Ferrero, che ha parlato troppo, dannosamente, e spesso nelle sedi che definire inopportune è un eufemismo, ma soprattutto che ha cercato in tutti i modi ottenere più soldi possibili, non capendo che “più soldi possibili” li avrebbe ottenuti probabilmente a giugno, e che comunque, per la vecchia legge della domanda e dell’offerta, il valore di un bene è stabilito da quanto qualcuno è disposto a pagarlo; Garrone, che voleva affrancarsi dal Peccato Originale, tanto più perché a battezzarlo sarebbe stato Vialli; Romei, per non rovinare l’estenuante lavoro di mediazione che lo ha visto oscuro protagonista sia nelle vicende societarie che in quelle specifiche della trattativa; i social, che hanno esasperato questo delirio collettivo creando notizie allucinanti e alimentando false speranze; qualche media d’assalto, che, coprendosi di ridicolo, talvolta ha dato perfino credito a certi fake o sparato a titoli cubitali la cessione come avvenuta solo perché tutti, tranne il diretto interessato, la davano per scontata; i tifosi, che desiderosi di liberarsi di Ferrero e abbagliati dalla luce di Vialli (le azioni del Viperetta, peraltro già abbondantemente svalutate sono precipitate quando si è palesata questa magnifica possibilità),
hanno vissuto la trattativa in modo viscerale, acritico e con un interesse così totalizzante da diventare spesso il loro unico argomento di conversazione.

Perfino Vialli insegue i suoi interessi, con una fondamentale differenza rispetto a gli altri, il suo è un interesse nobile, sincero, commovente oserei dire, spinto dal desiderio di coronare un sogno: quello di diventare Presidente della sua squadra del Cuore.
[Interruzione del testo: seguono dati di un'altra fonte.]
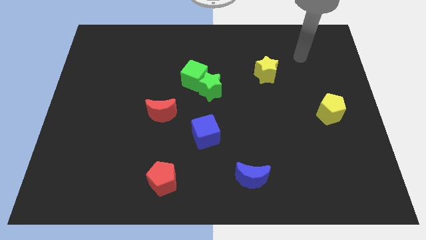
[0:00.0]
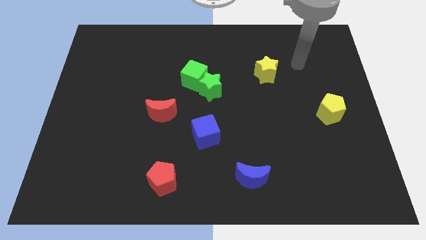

E poi ci sono i cosiddetti “americani”, due ricchissimi signori d’oltreoceano ai quali è stata prospettata la possibilità di acquistare una Società di calcio italiana facendo un ottimo affare, ma per i quali comprare la Sampdoria o una squadra di curling neozelandese era sostanzialmente la stessa cosa. Questi hanno valutato, incaricato chi di dovere di stabilire un prezzo, e su quel prezzo più o meno sono restati, salvo poi abbassarlo, tant’è che se non fosse intervenuto Garrone la questione si sarebbe già chiusa a marzo. Un affare come un altro, una trattativa come un’altra, che hanno portato avanti in base alle loro consolidate modalità operative e ai loro legittimi interessi economici. Fino a un anno fa non sapevamo neppure chi fossero e loro non sapevano neppure cosa fosse la Sampdoria, perché avrebbero dovuto appassionarsi o pagarla quanto chiedeva Ferrero? O pensavate che solo perché sono andati a mangiare trofie al pesto a capo Santa Chiara, probabilmente a scrocco (il motivo per cui Knaster ha lasciato cadere la giacca col portafoglio in mare) si fossero innamorati di Genova e della Sampdoria? Tra l’altro prima avevano visitato lo stadio, e già si erano depressi, ma, e questo è uno scoop che vi regalo, Dinan ha chiesto di andare in bagno. Panico. Poi Bosco, facendo l’errore della sua vita, lo ha accompagnato in uno dei distinti. Quando è uscito è andato da Knaster e gli ha detto: li hai visti i cessi? Dieci milioni di meno. Scherzi a parte (ma mica tanto scherzi), semmai è stato Ferrero, l’unico che diceva di non credere a questa trattativa, a credere di poterla alla fine spuntare e a condurre di conseguenza una campagna acquisti estiva sgangherata e condizionata dalla trattativa stessa, facendo quindi un errore madornale per un buon imprenditore: non guidare la sua azienda come se la trattativa non esistesse.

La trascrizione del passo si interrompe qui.